─── Data extracts
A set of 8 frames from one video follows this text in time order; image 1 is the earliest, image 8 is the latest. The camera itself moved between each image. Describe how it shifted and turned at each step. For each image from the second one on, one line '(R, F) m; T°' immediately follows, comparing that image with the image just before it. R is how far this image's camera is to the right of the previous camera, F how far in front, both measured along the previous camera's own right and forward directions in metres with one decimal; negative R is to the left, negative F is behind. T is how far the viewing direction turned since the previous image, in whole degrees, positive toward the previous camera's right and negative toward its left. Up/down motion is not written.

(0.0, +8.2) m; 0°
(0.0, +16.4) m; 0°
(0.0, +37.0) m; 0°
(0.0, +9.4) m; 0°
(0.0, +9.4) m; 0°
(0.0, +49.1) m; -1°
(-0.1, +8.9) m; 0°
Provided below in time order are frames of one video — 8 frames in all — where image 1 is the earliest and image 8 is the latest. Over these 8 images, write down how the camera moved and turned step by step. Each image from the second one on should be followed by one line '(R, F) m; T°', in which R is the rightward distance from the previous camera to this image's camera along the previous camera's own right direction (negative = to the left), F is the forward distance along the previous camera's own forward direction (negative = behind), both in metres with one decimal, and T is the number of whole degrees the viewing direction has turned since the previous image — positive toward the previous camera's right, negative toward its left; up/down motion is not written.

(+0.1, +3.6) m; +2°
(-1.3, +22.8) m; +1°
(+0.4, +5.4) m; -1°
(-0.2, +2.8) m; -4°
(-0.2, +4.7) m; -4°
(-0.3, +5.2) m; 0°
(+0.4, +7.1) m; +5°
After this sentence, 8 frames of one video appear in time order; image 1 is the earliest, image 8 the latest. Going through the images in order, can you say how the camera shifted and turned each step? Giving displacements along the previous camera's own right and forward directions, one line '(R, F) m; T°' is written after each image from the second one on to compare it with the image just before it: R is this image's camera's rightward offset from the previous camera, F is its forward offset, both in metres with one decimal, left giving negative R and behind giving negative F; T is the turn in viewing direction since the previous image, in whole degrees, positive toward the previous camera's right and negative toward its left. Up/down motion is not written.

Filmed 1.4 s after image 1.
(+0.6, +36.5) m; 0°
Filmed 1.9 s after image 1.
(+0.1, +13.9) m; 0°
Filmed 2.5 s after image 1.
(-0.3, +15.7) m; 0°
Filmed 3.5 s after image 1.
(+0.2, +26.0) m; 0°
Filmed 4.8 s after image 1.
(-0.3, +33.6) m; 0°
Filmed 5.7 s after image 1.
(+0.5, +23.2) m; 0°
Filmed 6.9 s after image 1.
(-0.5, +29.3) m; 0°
──────
## Task prompt
Write out every entry again exactly, please, with nothing missing.

## Exercise result
A set of 8 frames from one video follows this text in time order; image 1 is the earliest, image 8 is the latest. The camera itself moved between each image. Describe how it shifted and turned at each step. For each image from the second one on, one line '(R, F) m; T°' immediately follows, comparing that image with the image just before it. R is how far this image's camera is to the right of the previous camera, F how far in front, both measured along the previous camera's own right and forward directions in metres with one decimal; negative R is to the left, negative F is behind. T is how far the viewing direction turned since the previous image, in whole degrees, positive toward the previous camera's right and negative toward its left. Up/down motion is not written.

(0.0, +8.2) m; 0°
(0.0, +16.4) m; 0°
(0.0, +37.0) m; 0°
(0.0, +9.4) m; 0°
(0.0, +9.4) m; 0°
(0.0, +49.1) m; -1°
(-0.1, +8.9) m; 0°
Provided below in time order are frames of one video — 8 frames in all — where image 1 is the earliest and image 8 is the latest. Over these 8 images, write down how the camera moved and turned step by step. Each image from the second one on should be followed by one line '(R, F) m; T°', in which R is the rightward distance from the previous camera to this image's camera along the previous camera's own right direction (negative = to the left), F is the forward distance along the previous camera's own forward direction (negative = behind), both in metres with one decimal, and T is the number of whole degrees the viewing direction has turned since the previous image — positive toward the previous camera's right, negative toward its left; up/down motion is not written.

(+0.1, +3.6) m; +2°
(-1.3, +22.8) m; +1°
(+0.4, +5.4) m; -1°
(-0.2, +2.8) m; -4°
(-0.2, +4.7) m; -4°
(-0.3, +5.2) m; 0°
(+0.4, +7.1) m; +5°
After this sentence, 8 frames of one video appear in time order; image 1 is the earliest, image 8 the latest. Going through the images in order, can you say how the camera shifted and turned each step? Giving displacements along the previous camera's own right and forward directions, one line '(R, F) m; T°' is written after each image from the second one on to compare it with the image just before it: R is this image's camera's rightward offset from the previous camera, F is its forward offset, both in metres with one decimal, left giving negative R and behind giving negative F; T is the turn in viewing direction since the previous image, in whole degrees, positive toward the previous camera's right and negative toward its left. Up/down motion is not written.

Filmed 1.4 s after image 1.
(+0.6, +36.5) m; 0°
Filmed 1.9 s after image 1.
(+0.1, +13.9) m; 0°
Filmed 2.5 s after image 1.
(-0.3, +15.7) m; 0°
Filmed 3.5 s after image 1.
(+0.2, +26.0) m; 0°
Filmed 4.8 s after image 1.
(-0.3, +33.6) m; 0°
Filmed 5.7 s after image 1.
(+0.5, +23.2) m; 0°
Filmed 6.9 s after image 1.
(-0.5, +29.3) m; 0°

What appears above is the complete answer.